**Assignment**
Reproduce all records below exactly.

[Dataset items]
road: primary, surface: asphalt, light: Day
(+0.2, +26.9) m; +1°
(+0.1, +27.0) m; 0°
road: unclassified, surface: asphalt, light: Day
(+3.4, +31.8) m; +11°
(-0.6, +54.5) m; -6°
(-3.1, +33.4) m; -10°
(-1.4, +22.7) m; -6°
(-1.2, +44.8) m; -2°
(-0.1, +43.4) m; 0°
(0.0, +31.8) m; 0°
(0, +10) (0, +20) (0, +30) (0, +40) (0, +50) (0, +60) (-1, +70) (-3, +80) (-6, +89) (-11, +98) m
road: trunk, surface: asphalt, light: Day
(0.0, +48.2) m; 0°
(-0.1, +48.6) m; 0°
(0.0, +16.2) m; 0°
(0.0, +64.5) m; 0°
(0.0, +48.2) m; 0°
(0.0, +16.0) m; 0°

**Written response**
road: primary, surface: asphalt, light: Day
(+0.2, +26.9) m; +1°
(+0.1, +27.0) m; 0°
road: unclassified, surface: asphalt, light: Day
(+3.4, +31.8) m; +11°
(-0.6, +54.5) m; -6°
(-3.1, +33.4) m; -10°
(-1.4, +22.7) m; -6°
(-1.2, +44.8) m; -2°
(-0.1, +43.4) m; 0°
(0.0, +31.8) m; 0°
(0, +10) (0, +20) (0, +30) (0, +40) (0, +50) (0, +60) (-1, +70) (-3, +80) (-6, +89) (-11, +98) m
road: trunk, surface: asphalt, light: Day
(0.0, +48.2) m; 0°
(-0.1, +48.6) m; 0°
(0.0, +16.2) m; 0°
(0.0, +64.5) m; 0°
(0.0, +48.2) m; 0°
(0.0, +16.0) m; 0°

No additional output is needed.